What is required => Quote the records that follow in full and exactly; leave out the pictures.

◆ ◆ ◆

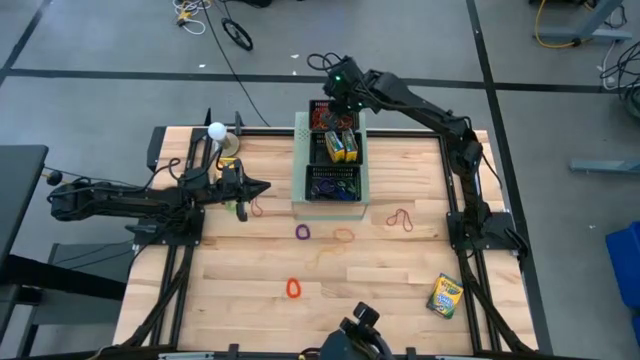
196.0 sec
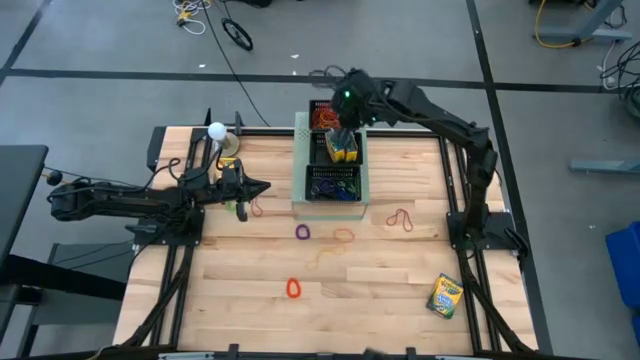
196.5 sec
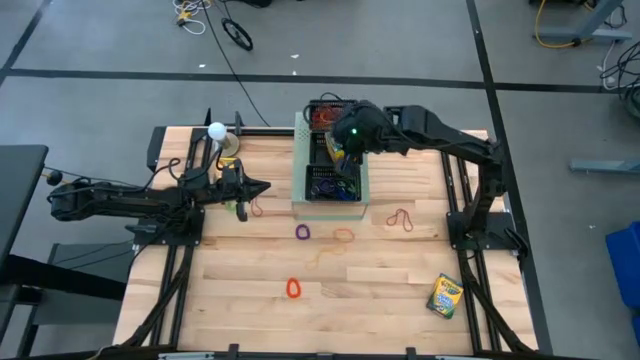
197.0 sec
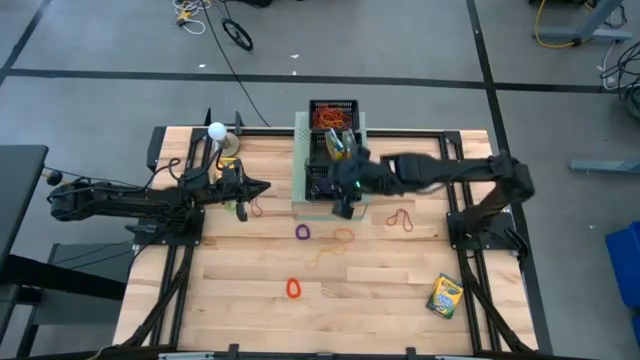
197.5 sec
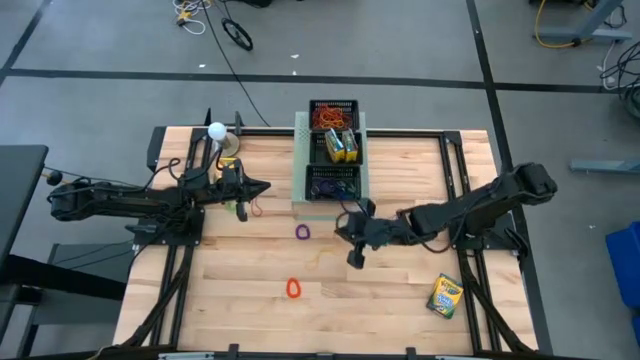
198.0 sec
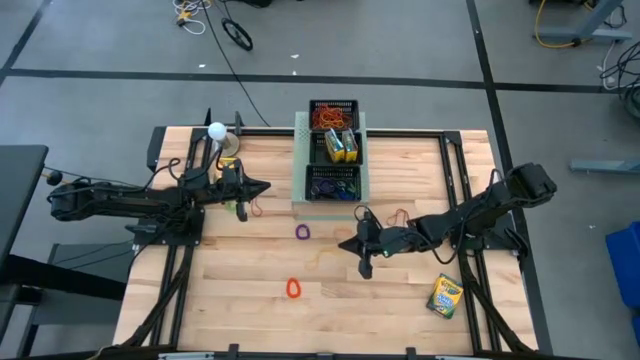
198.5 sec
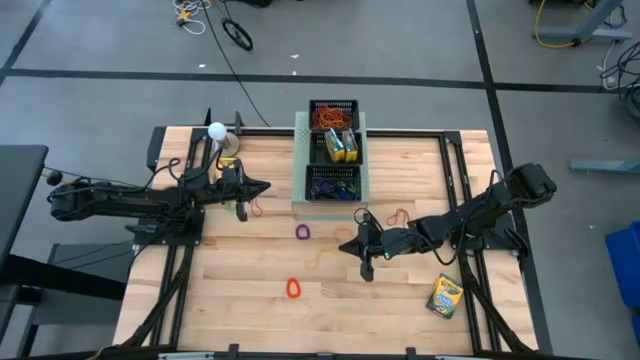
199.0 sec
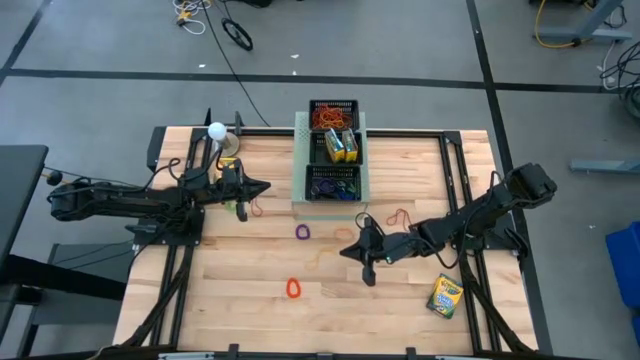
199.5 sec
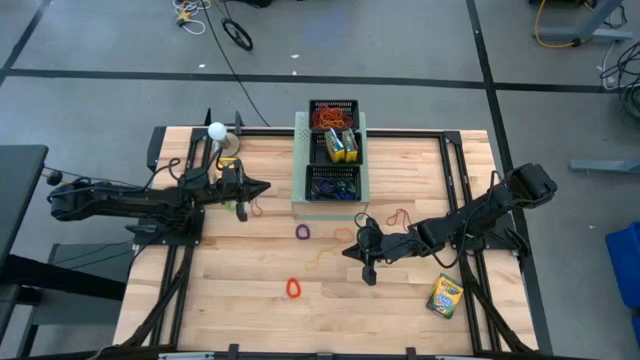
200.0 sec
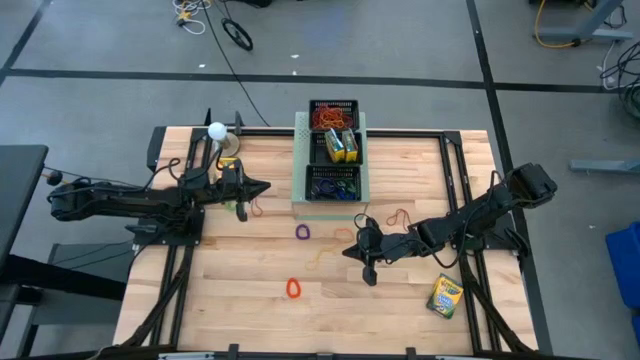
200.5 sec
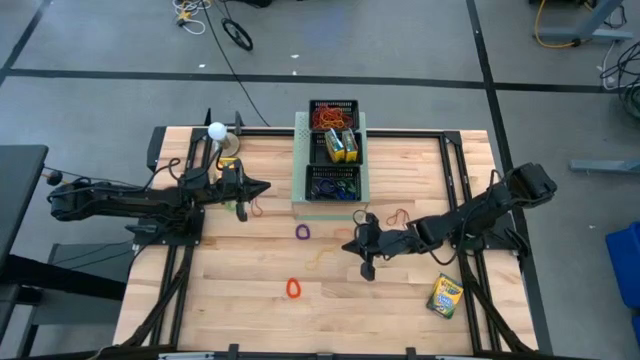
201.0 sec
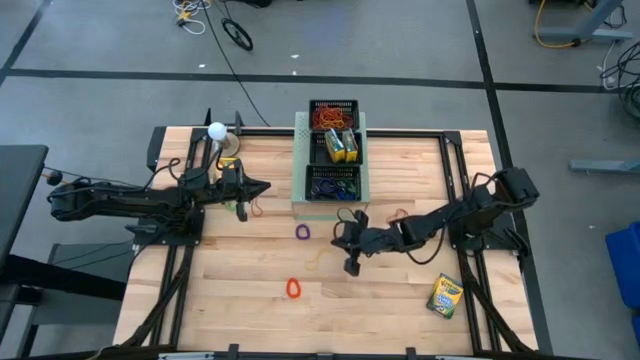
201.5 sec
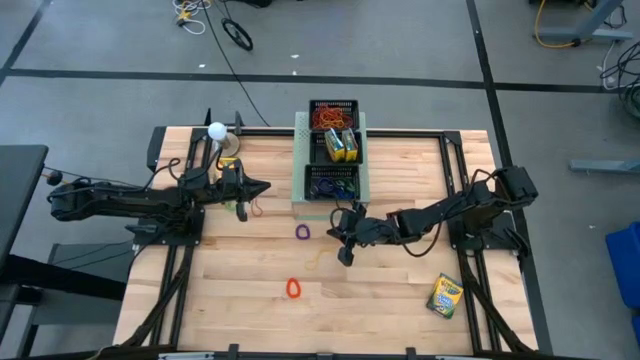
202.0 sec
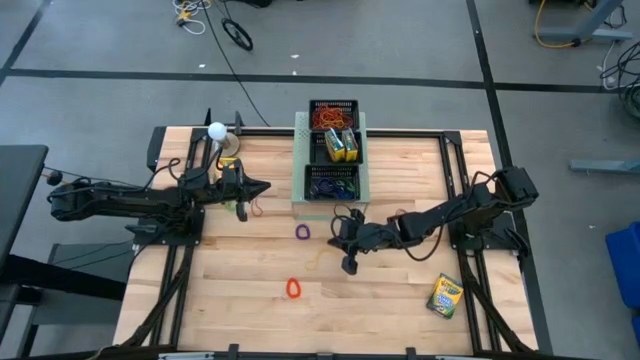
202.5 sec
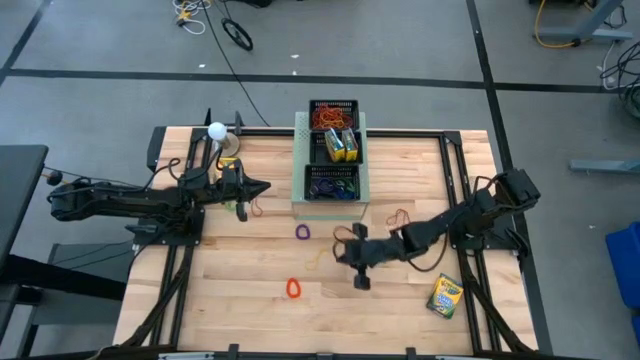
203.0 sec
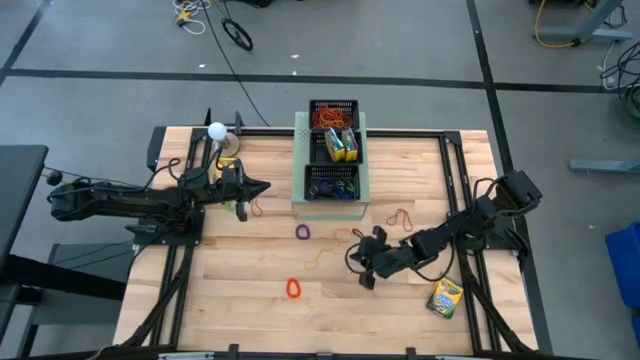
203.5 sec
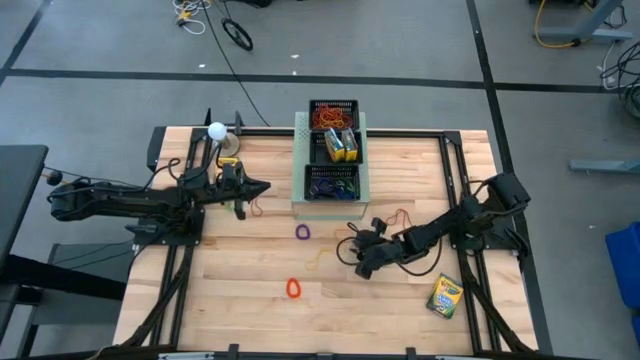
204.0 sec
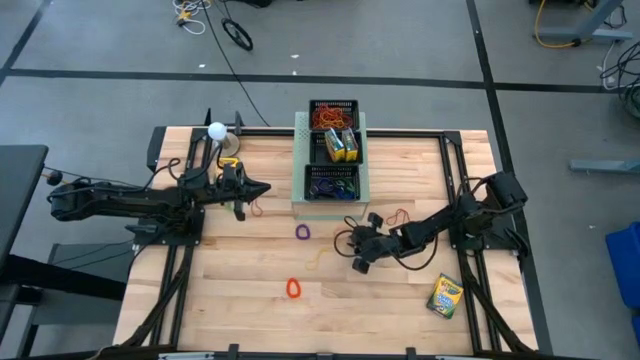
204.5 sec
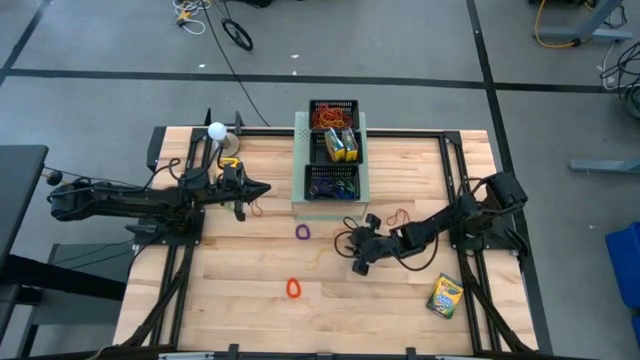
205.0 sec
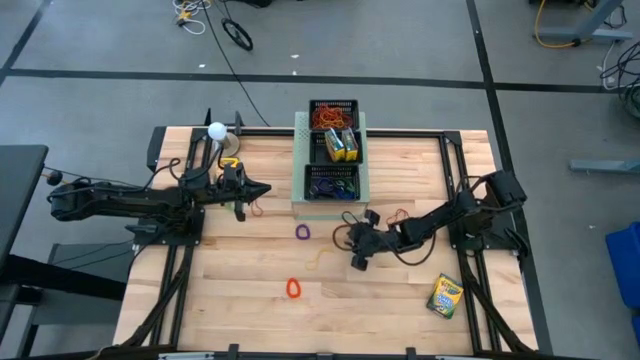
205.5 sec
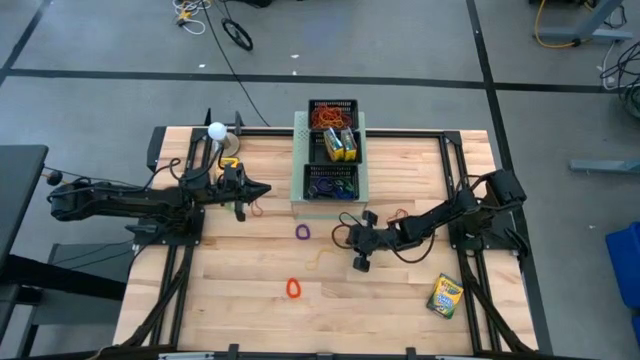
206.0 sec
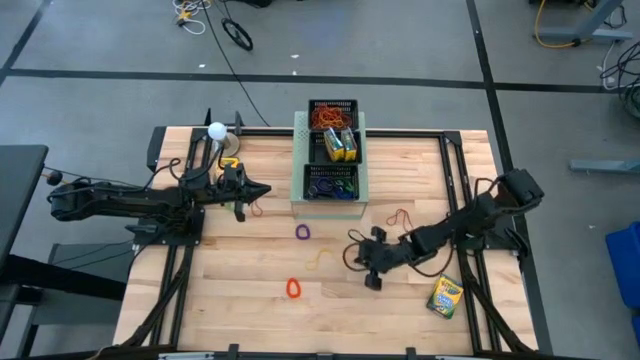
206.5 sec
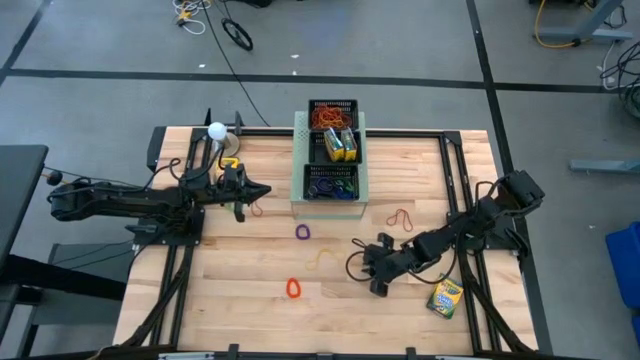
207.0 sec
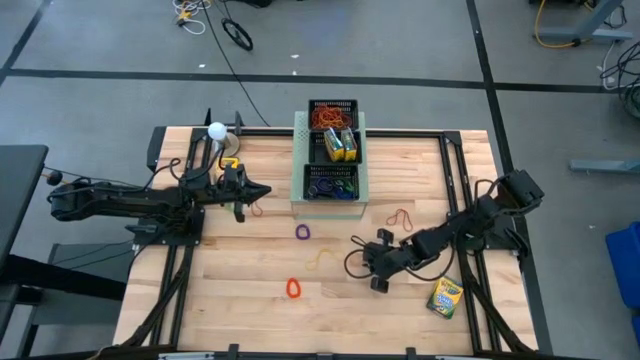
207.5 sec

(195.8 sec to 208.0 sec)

◆ ◆ ◆

Answer to the problem =>
196.0 sec
196.5 sec
197.0 sec
197.5 sec
198.0 sec
198.5 sec
199.0 sec
199.5 sec
200.0 sec
200.5 sec
201.0 sec
201.5 sec
202.0 sec
202.5 sec
203.0 sec
203.5 sec
204.0 sec
204.5 sec
205.0 sec
205.5 sec
206.0 sec
206.5 sec
207.0 sec
207.5 sec

(195.8 sec to 208.0 sec)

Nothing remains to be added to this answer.